Birba, another field in the south found in 1978, produces a small quantity of 33.4? API oil with a high sulphur content. The field also produces gas, which is partly re-injected into the reservoir to maintain pressure and partly piped north to Saih Nihayda.
A $35m gas injection project for Birba was completed in 1993 to double the field's oil production capacity from 4,200 b/d but output has since fallen sharply.
Saih Nihayda, found in 1972 in central Oman, is a small field producing 39.6? API oil from a Permian Fm. But this has huge reserves of non-associated gas developed for LNG export, together with the non-associated gas reserves of Saih Rawl and Barik. Saih Nihayda's oil output averages less than 5,000 b/d, compared to almost 9,000 b/d in early 1998 and over 15,000 b/d a few years earlier. In 1998, PDO added to the oil stream small Saih Nihayda extensions with their proven reserves then put at 5m barrels. Saih Nihayda also produces condensate from the field's gas reservoir.
PDO in late 2009 gave a $250m EPC contract for the field's massive gas compression project to GS Engineering & Construction of South Korea. This covers installation of gas compressor units supplied by GE Oil & Gas of the US, and subsidiary work including construction of gas sub-stations at the field. GS will debottleneck existing facilities, raising the volume of gas they can handle to 25 MCF/day, from about 20 MCM/d. The project will enable PDO to maintain reservoir pressure at the field for several years beyond its forecast start of declining in 2015. PDO says the project is the first to have been designed in-house by the company's front-end engineering and design (FEED) team, set up in February 2008.
Saih Nihayda's gas reservoir has been producing since it was commissioned in early 2005. Gas from the field is treated at a local processing plant from where it enters the government gas grid. Based on current demand patterns.
Harweel and Sarmad field clusters in the south were found in late 1998 and early 1999 by PDO, among 33 structures identified by the company in that region. Ghafeer was found in mid-1999 in an adjacent area. Its well tested over 6,500 b/d. All of these structures are complex and at a depth of about 4,500m. The cluster of Harweel fields is being developed by PDO which says its reserves will contribute significantly to its output.
The combined EOR and development job for Harweel 2a and 2b phases was given in November 2005 to Petrofac Int'l, along with Oman's Galfar Engineering & Contracting. Worth $960m, this was a project management consulting (PMC) and detailed EPC contract to boost the cluster's output to 100,000 b/d in 2010. The main element of this contract is a major EOR facility based on a miscible gas system (see OMT6).
The Harweel cluster, in the far south, has nine fields containing sweet oil.

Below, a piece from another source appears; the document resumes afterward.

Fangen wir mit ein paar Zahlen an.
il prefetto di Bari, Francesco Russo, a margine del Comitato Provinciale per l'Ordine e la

The first phase in 2004 enabled the cluster to produce 15,000 b/d, though the output now is much lower. Its installations include a pilot gas injection plant and infield pipelines. Harweel's Phase-I EOR is based on water flooding.
Among PDO's projects under construction are the installation, testing and pre-commissioning of a pipeline between the Hubara compressor station to the Marmul oilfield, and another pipeline between Harweel and Marmul. The work involves construction of an 18-inch pipeline by converting a existing 84-km oil pipeline between Marmul and Nimr fields, adding a new 75-km section between Nimr and Hubara, installing a 16-inch gas export pipeline between Harweel and Marmul, two block valve stations between Harbura and Amal field, receivers and launchers, tie-ins, and pressure reduction stations.
A group of small fields, Maurid, Maurid North-East, Wazar, Amab and Tuqaa went on stream in 1998 with a combined capacity of 4,560 b/d and total proven reserves of over 18.4m barrels. But their output has since fallen considerably.